_WORK TASK:_
Among the entries below, find the lines with the word "contrast" and copy them.

(Beginning of PROVIDED RECORDS)

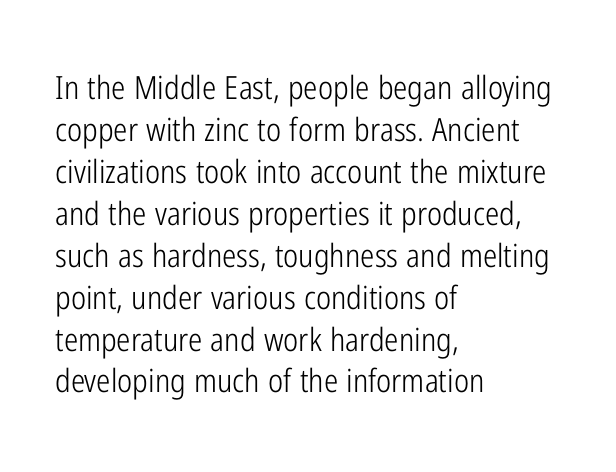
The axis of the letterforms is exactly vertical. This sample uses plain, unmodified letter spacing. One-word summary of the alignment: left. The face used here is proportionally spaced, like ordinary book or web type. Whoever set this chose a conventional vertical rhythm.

(End of PROVIDED RECORDS)
(Beginning of PROVIDED RECORDS)

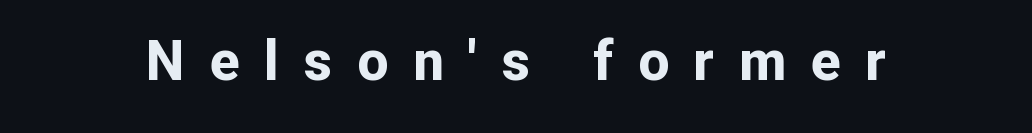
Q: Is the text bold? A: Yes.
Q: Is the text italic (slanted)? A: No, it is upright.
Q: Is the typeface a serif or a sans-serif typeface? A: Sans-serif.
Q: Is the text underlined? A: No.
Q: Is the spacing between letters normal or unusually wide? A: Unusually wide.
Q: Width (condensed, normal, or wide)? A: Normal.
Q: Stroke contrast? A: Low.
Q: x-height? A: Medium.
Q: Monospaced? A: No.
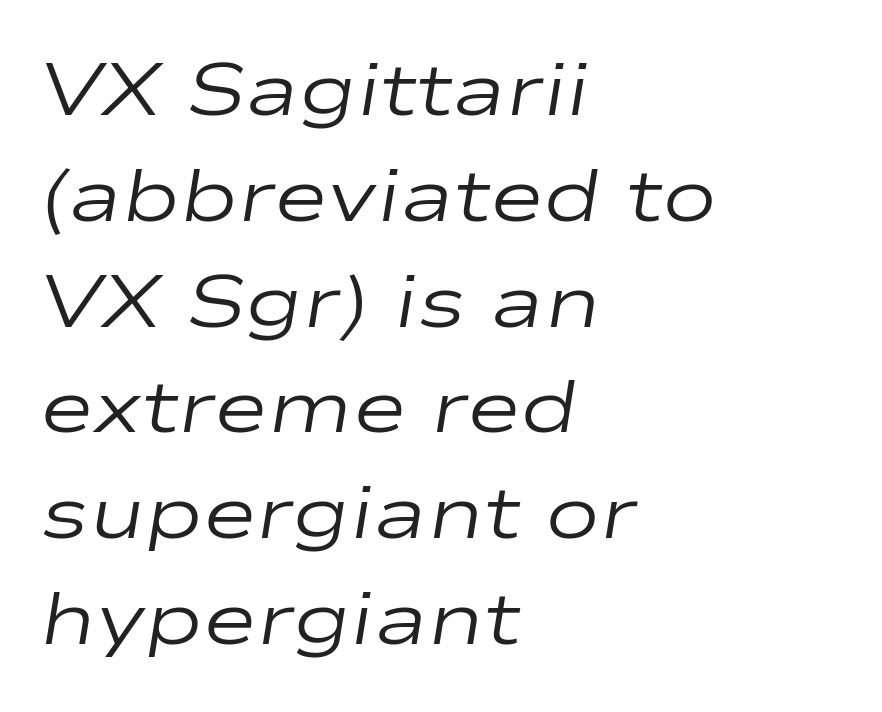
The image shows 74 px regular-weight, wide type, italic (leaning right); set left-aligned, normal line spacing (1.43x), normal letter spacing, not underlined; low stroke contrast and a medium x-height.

(End of PROVIDED RECORDS)

_RESPONSE AREA:_
Q: Stroke contrast? A: Low.
The image shows 74 px regular-weight, wide type, italic (leaning right); set left-aligned, normal line spacing (1.43x), normal letter spacing, not underlined; low stroke contrast and a medium x-height.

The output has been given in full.